Data excerpts
------------------------------------------------------------------------

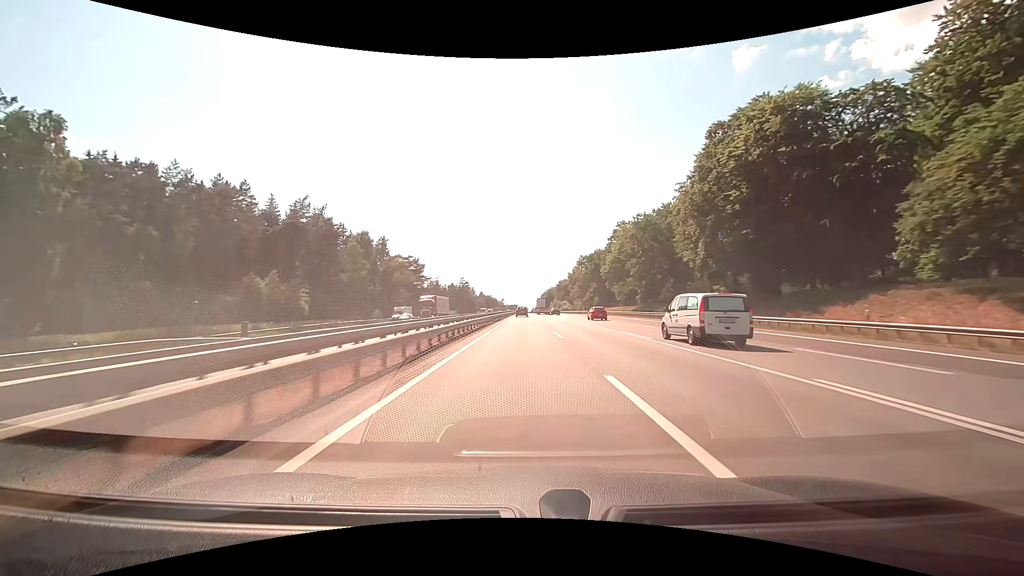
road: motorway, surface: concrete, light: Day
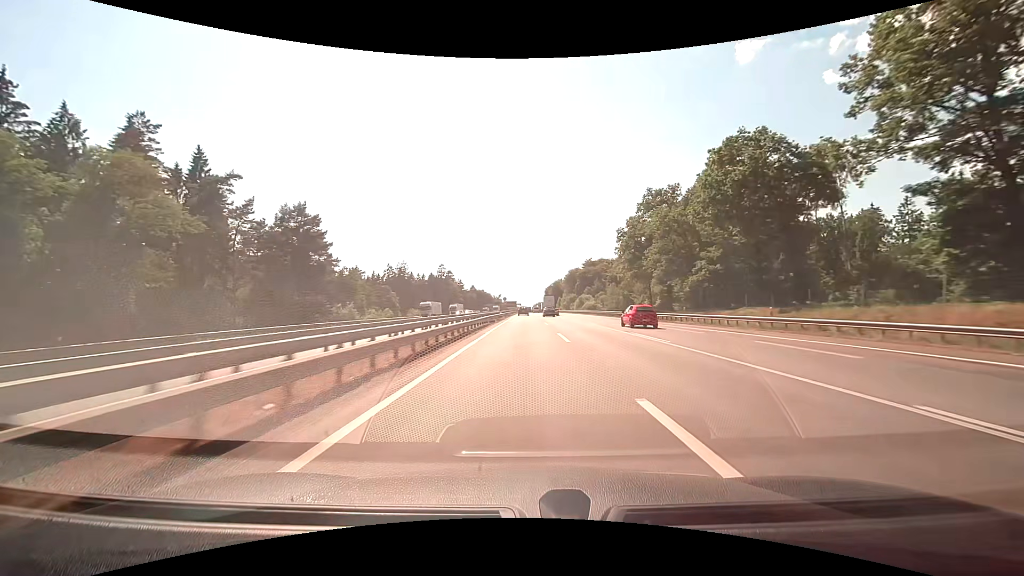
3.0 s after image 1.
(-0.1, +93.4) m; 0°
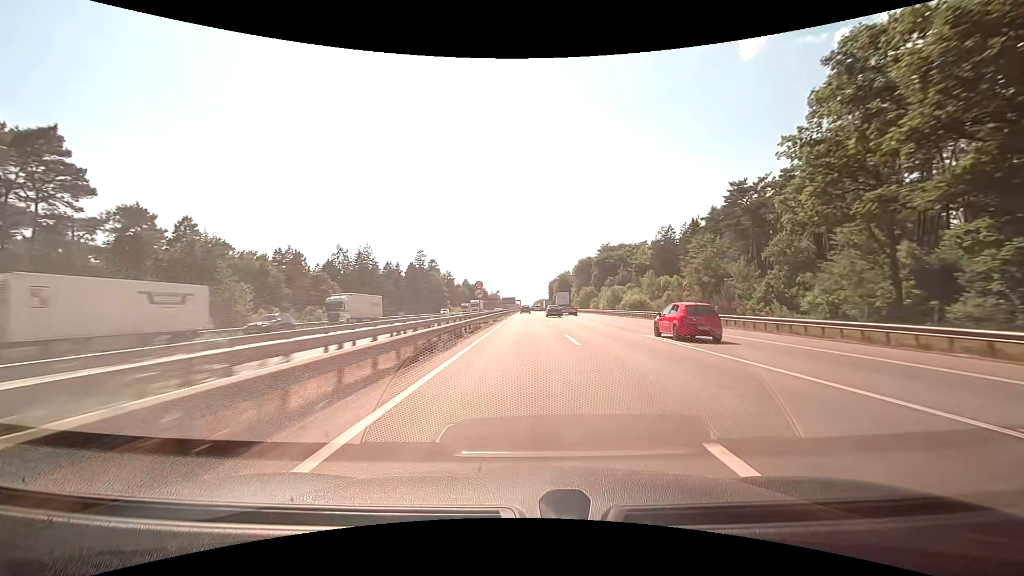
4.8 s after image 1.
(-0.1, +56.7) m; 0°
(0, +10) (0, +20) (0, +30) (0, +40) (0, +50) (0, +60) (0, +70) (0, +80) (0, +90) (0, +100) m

------------------------------------------------------------------------

Omitting the images, output each record precisely as written.

road: motorway, surface: concrete, light: Day
3.0 s after image 1.
(-0.1, +93.4) m; 0°
4.8 s after image 1.
(-0.1, +56.7) m; 0°
(0, +10) (0, +20) (0, +30) (0, +40) (0, +50) (0, +60) (0, +70) (0, +80) (0, +90) (0, +100) m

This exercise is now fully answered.